There’s at least one more of these fucking things, and I desperately hope they all die in a fireball during it.

Guardians of the Galaxy, Vol 3

This is a found family which I love returning to. In contrast to Fast X they’re all supposed to be morons, and they are, except they’re all super-competent in different ways and idiots about how they relate to each other. Here we finally resolve an awful lot of the relationships, hopes and dreams of these characters. They’ve been through a lot, both in the first two volumes of their trilogy, Infinity War / Endgame and odd, sort of pointless Christmas Special. I say pointless, but as it turns out, spending an additional forty minutes with some of these guys, Drax and Mantis in particular has genuinely fleshed out their characters further. At last the story turns to Rocket, injured by Adam Warlock (splendid force-grown golden dude with the brain of a child) and we finally get his much-hinted at backstory.

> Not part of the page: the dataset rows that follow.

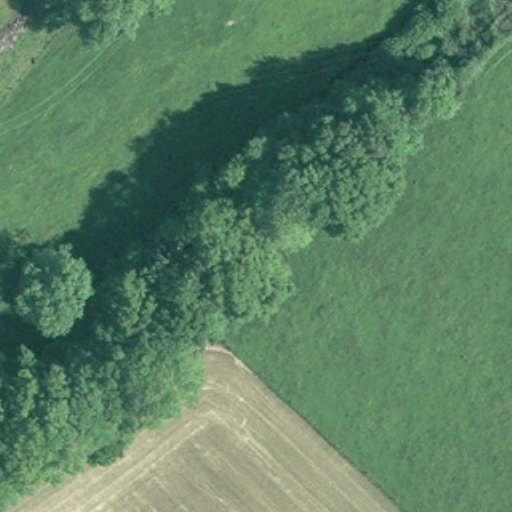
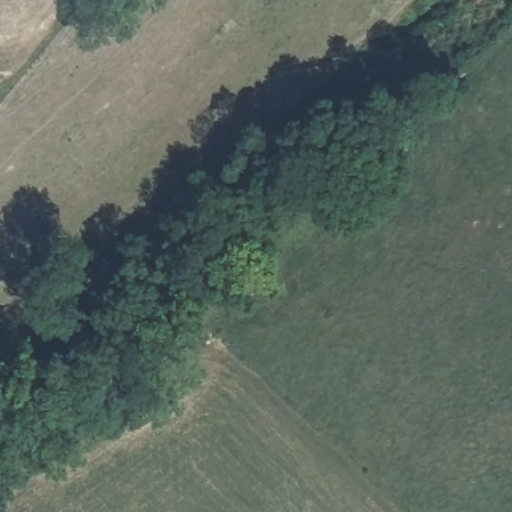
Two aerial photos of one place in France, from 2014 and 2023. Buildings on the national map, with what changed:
unchanged [(79,237),(63,253),(51,242),(68,226),(79,237)]

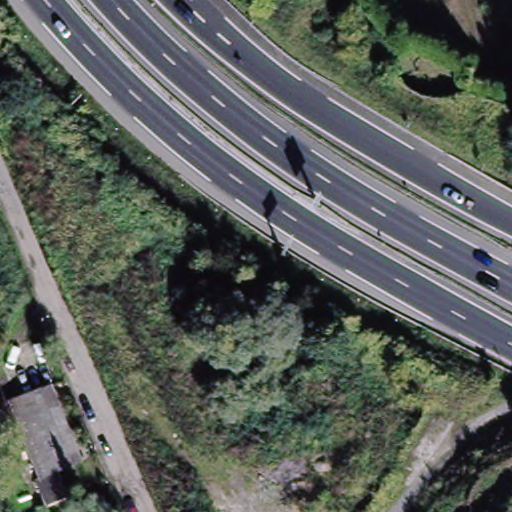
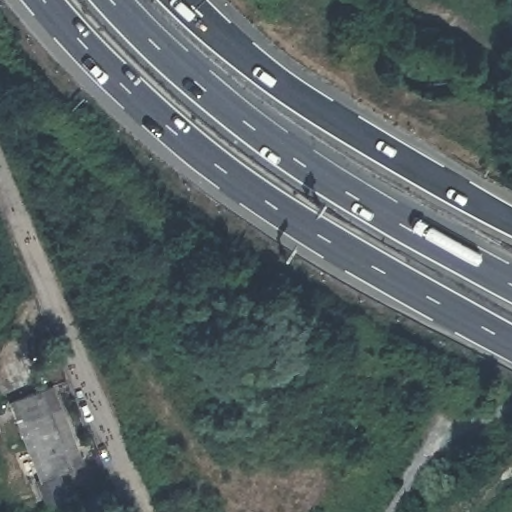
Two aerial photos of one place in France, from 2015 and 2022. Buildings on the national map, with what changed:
unchanged [(64,473),(31,400),(56,390),(81,449),(86,464),(78,467),(64,473)]
unchanged [(73,492),(56,499),(48,478),(54,476),(21,404),(31,400),(64,473),(73,492)]
unchanged [(80,508),(76,501),(101,490),(105,497),(112,512),(82,512),(80,508)]

He is indeed a raccoon. In a lot of ways this is a big ad for PETA, because animal vivisection does not come off well here – for parts of it I’d rather watch Watership Down again. The High Evolutionary’s attempts to develop intelligence and accelerate evolution is horrifying, and the story around his fellow animals, Lyla the otter, Teefs the walrus and the rabbit Floor, is absolutely devastating. Most of the film is the rest of the Guardians doing typical Guardian shtick while chasing down the MacGuffin which will let them fix Rocket. Along the way they really do become the heroes they’ve sought to be, despite their Ravager tendencies, rescuing all the High Evolutionary’s test subjects. The film is packed with gorgeous space environments, exciting action scenes, cool new Groot, and more, yet all I truly remember are the perfect character notes and conclusions for each of them. The thing I was most pleased and impressed by was their treatment of Gamora – Quill’s former love interest who died in Endgame, replaced by an earlier version of herself who never met or fell in love with Quill. It’s a wild concept anyway, and you can see why Quill struggles to handle being around someone he loved but has no interest whatsoever in him. And they don’t make her fall in love with him again. That alone is a goddamn victory for Marvel, whose habits in killing off female characters (including Gamora) and not acknowledging their deaths while having a full-cast funeral for Tony Stark has been atrocious. This is a wonderful finale for these characters and I can hardly wait to watch it again.